I have the following function $f(x)$ given a pair of positive real parameter $s$ and $t$:
\begin{aligned} f(x) &= 1, \text{if $-max(s,t)<x<0$};\\ f(0) &= 1.5; \\ f(x) &= f(x-s)+f(x-t), \text{if $x > 0$}. \end{aligned}
I have explored some properties of this function (with some not-so-strict proof that I'll omit here):
- $f(x)$ grows exponentially
- $f(x) = 1 + \sum_{p=0}^{\infty}\sum_{q=0}^{\infty}\frac{(p+q)!}{p!q!}u(x - (ps+qt))$, where $u(x)$ is the unit step function with $u(0) = 0.5$
- (obtained using Laplace transform) $f(x) = \sum_{r}\frac{e^{rx}}{r(se^{-sr}+te^{-tr})}$, where $r$ are all the complex roots of equation $e^{-sr}+e^{-tr} = 1$. The summation order is using $r$ that's closer to the origin first.
In the third bullet point, the equation $e^{-sr}+e^{-tr} = 1$ always has a single positive real root, which I call $r = R$. I want to show that its corresponding term is the "dominant term" of the function. That is, if we define $$ F(x) = \frac{e^{Rx}}{R(se^{-sR}+te^{-tR})} $$ I want to show the limit $$ \lim_{x\to\infty} \frac{f(x)}{F(x)} = 1 $$ which is equivalent to showing that $$ \lim_{x\to\infty} \sum_{r\neq R}\frac{e^{(r-R)x}}{r(se^{-sr}+te^{-tr})} = 0 $$
I actually discovered that this isn't always true. In particular, whenever $s/t\in\mathbb{Q}$, this limit doesn't exist, as it oscillates forever. What I haven't fully understand is the $s/t\notin\mathbb{Q}$ case, for which I suspect that the limit does exist.

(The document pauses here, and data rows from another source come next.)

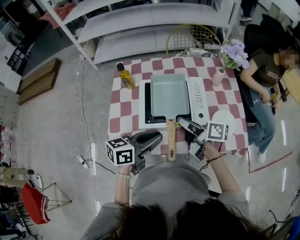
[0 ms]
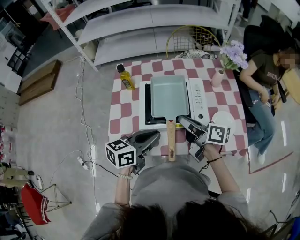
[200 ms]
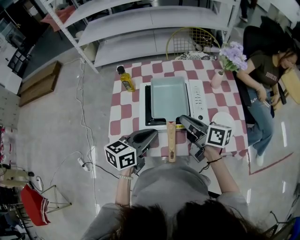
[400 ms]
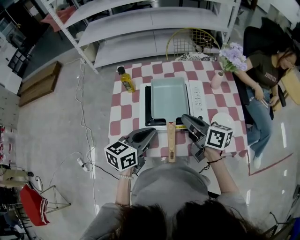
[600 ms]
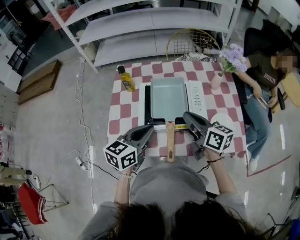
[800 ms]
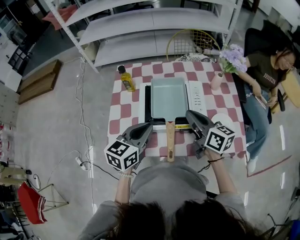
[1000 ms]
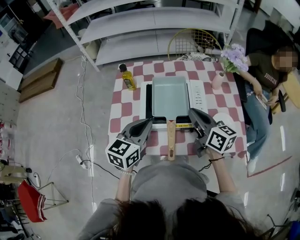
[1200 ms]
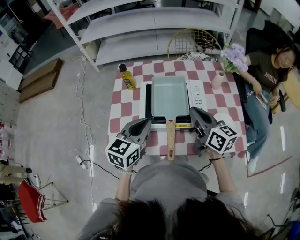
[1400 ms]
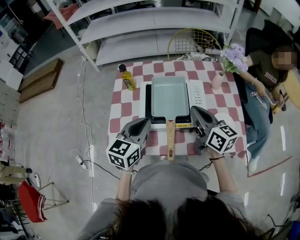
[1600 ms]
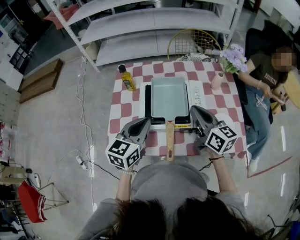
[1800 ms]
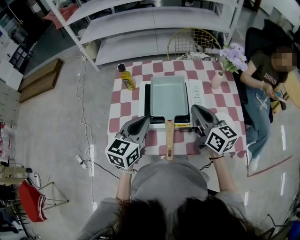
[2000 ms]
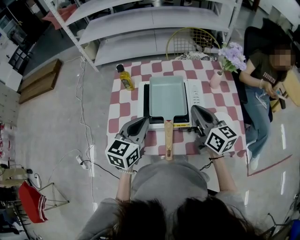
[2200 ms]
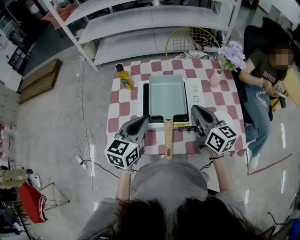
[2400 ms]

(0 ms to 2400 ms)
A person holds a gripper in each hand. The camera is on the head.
0 ms - 1200 ms: The left gripper changes place by roughly 5 cm, and rotates approximately 30 degrees. The right gripper shifts approximately 5 cm upward, turns by approximately 40 degrees, and closes its fingers.
1200 ms - 2400 ms: The grippers make only small movements.

I noticed that when $s/t\notin\mathbb{Q}$, $R$ has the single largest real components among all roots, so each individual term $e^{(r-R)x}$ has a limit of 0. I wish I could exchange the limit and summation operators to prove that the sum also has a limit of 0, but I can't find a theorem to back it up. Tannery's theorem doesn't work, as the sum isn't even absolute convergent (hence there is no hope for me to find the bound that appears in the theorem).

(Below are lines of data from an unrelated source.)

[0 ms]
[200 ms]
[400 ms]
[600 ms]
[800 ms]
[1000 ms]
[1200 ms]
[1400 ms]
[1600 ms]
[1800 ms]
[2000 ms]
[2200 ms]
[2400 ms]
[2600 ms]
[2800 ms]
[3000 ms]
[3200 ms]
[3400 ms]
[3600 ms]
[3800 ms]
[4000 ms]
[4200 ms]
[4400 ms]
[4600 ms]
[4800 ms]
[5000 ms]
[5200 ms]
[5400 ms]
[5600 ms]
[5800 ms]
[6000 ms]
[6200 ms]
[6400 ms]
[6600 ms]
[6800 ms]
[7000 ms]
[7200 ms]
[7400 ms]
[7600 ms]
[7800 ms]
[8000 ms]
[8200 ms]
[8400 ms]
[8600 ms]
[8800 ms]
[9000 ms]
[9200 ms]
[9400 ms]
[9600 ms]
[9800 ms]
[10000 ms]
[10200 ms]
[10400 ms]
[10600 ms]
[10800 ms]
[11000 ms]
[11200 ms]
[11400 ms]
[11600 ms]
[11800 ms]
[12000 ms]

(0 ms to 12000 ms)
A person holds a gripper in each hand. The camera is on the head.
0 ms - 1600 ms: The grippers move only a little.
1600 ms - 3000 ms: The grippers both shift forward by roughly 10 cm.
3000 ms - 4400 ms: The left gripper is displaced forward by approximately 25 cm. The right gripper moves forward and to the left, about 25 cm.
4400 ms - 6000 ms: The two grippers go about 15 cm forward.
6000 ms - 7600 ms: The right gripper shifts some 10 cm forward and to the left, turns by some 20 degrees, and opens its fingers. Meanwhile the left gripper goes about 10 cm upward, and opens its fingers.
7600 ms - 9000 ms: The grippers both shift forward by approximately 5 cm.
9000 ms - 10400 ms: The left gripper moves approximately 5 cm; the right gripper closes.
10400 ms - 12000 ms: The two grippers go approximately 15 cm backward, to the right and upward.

So my question is: is there any tools I can use here to exchange the limit operator, or is there a different ways to find the limit using $f$'s other properties? Or maybe the limit actually doesn't exist, and if so, is there a way to show it?
I ended up finding a tricky solution for the specific problem.

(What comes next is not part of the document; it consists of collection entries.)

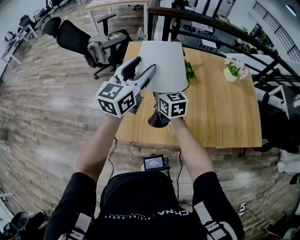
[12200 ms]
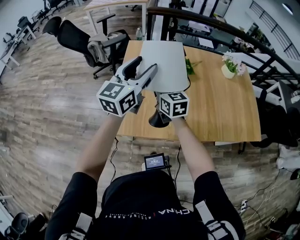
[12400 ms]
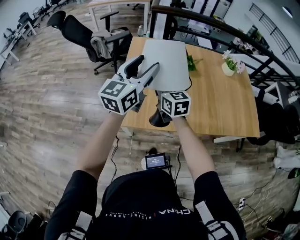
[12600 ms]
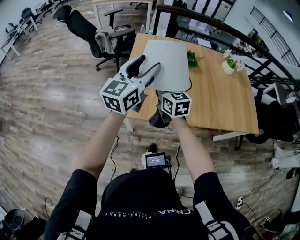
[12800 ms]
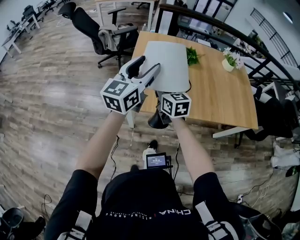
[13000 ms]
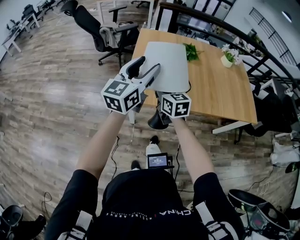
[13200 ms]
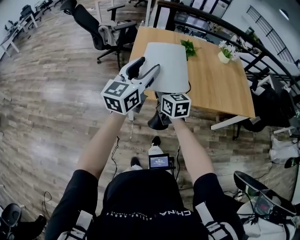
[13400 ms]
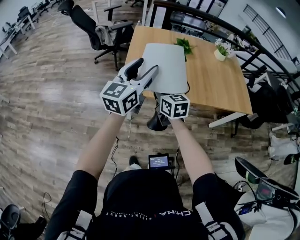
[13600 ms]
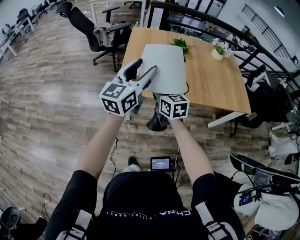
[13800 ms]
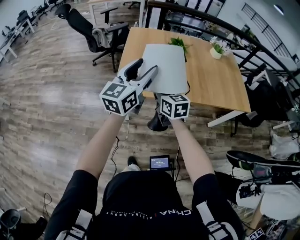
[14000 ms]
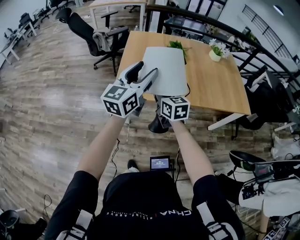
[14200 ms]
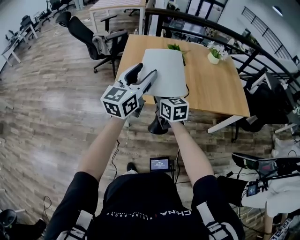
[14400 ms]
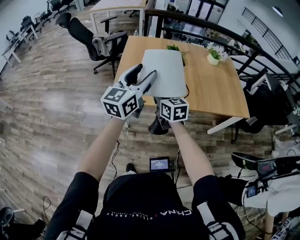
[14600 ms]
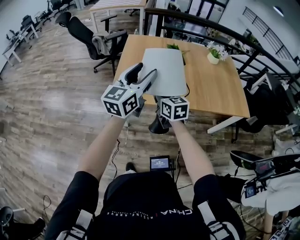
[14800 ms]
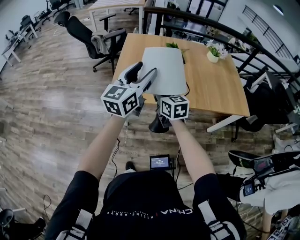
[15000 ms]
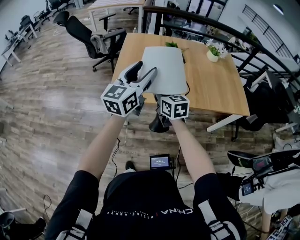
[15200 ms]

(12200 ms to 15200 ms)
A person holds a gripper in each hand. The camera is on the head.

First let's introduce a smooth version of the unit jump function $$ u_a(x) = \begin{cases} 0 &\quad (x < 0)\\ x/a &\quad (0\le x \le a)\\ 1 &\quad (x > a)\\ \end{cases} $$ And use it to construct a smooth version of $f(x)$: $$ f_a(x) = 1 + \sum_{p=0}^{\infty}\sum_{q=0}^{\infty}\frac{(p+q)!}{p!q!}u_a(x-(ps+qt)) = \sum_r\frac{(1-e^{-ar})e^{rx}}{ar^2(se^{-sr}+ts^{-tr})} $$ which luckily converges absolutely (because this is a $\sum 1/n^2$-like series, which is because roots $r$ has almost periodic layout, which is intuitive to see but tedious to prove), and we can find bounds to apply Tannery's theorem. The limit is $$ \lim_{x\to\infty} \frac{f_a(x)}{F(x)} = \frac{1-e^{-aR}}{aR} $$
At the same time, we have $$ u_a(x)\le u(x) \le u_a(x+a) $$ which means $$ f_a(x)\le f(x) \le f_a(x+a) $$ and then their limit $$ \frac{1-e^{-aR}}{aR}=\lim_{x\to\infty} \frac{f_a(x)}{F(x)}\le \liminf_{x\to\infty} \frac{f(x)}{F(x)}\le \limsup_{x\to\infty} \frac{f(x)}{F(x)} \le \lim_{x\to\infty} \frac{f_a(x+a)}{F(x)}=\frac{e^{aR}-1}{aR} $$ By choosing arbitrarily small $a$, we squeeze the limit $$ 1\le \liminf_{x\to\infty} \frac{f(x)}{F(x)}\le \limsup_{x\to\infty} \frac{f(x)}{F(x)}\le1 $$
So I guess the takeaway from this is that, if the series you want to exchange limit and sum doesn't work well, try looking at its neighbors.